H1 is resistant to NaCl (salt) as advertised. NaCl attacks carbon, whereas acid like HCl attacks iron, which H1 would not survive. Set the H1 blade directly on top of an open vineagar bottle overnight and see what happens. I'm willing to bet good money that it will stain from the acetic acid vapors.

It would not damage your knife if you pull it out as soon as rust develops. You just sand off the rust and good to go.

I do believe you but I'd love to see this. Any volunteers?
 
I say go with Spyderco Salt knives, I've got a Spyderco Tasman salt and I love it. I live only 10 min from the Gulf so I'm always out there fishing on boats or on bridges and I always take it out there, And with the salt in the air most knives will start to rust after a day out there or from just cutting a few lines after a big catch. But with the Tasman Salt I have never had that problem. Great knife for the price.
 
I really have to wonder what you folks are doing with your knives to be this worried about rust. :confused:

I say go with Spyderco Salt knives, I've got a Spyderco Tasman salt and I love it. I live only 10 min from the Gulf so I'm always out there fishing on boats or on bridges and I always take it out there, And with the salt in the air most knives will start to rust after a day out there or from just cutting a few lines after a big catch. But with the Tasman Salt I have never had that problem. Great knife for the price.
I too live less than 10 minutes from the Gulf. Have for about 12 years and I fish there with some frequency. I have never once had an issue with rusting on any of my knives. That's with being out for as much as 10 hours at a time with a 440C blade with a "stainless" handle clipped to my pocket; shore-fishing, boating, wadefishing to chest level. Once I had access to fresh water, sure, I'd give it a quick rinse...

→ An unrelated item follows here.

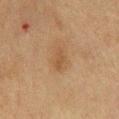Imaged during a routine full-body skin examination; the lesion was not biopsied and no histopathology is available. Longest diameter approximately 3 mm. The total-body-photography lesion software estimated internal color variation of about 1 on a 0–10 scale. The analysis additionally found a detector confidence of about 100 out of 100 that the crop contains a lesion. The lesion is located on the front of the torso. A region of skin cropped from a whole-body photographic capture, roughly 15 mm wide. A male subject aged 73–77. This is a cross-polarized tile.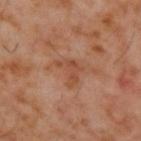notes = total-body-photography surveillance lesion; no biopsy | lighting = cross-polarized illumination | lesion diameter = ≈3.5 mm | subject = male, roughly 60 years of age | location = the upper back | image source = 15 mm crop, total-body photography.

I've only recently begun to carry my first carbon blade to the salt. Last week I went out twice for a few hours with a cord-wrapped Ka-Bar/Becker BK-11 around my neck, untucked. It has never seen oiling and at the end of each fishing session, I simply wiped the exposed edge across my pant-leg. I plan to continue on with this routine for the foreseeable future and don't expect to have any problems with it.

I also EDC a Bark River and a Mini-Grip around town... again, mere miles from the gulf. I don't think I would take the Mini-Grip directly to the salt, though. There are just too many crevice areas to vital parts in that knife and it's such a pain to reassemble after cleaning.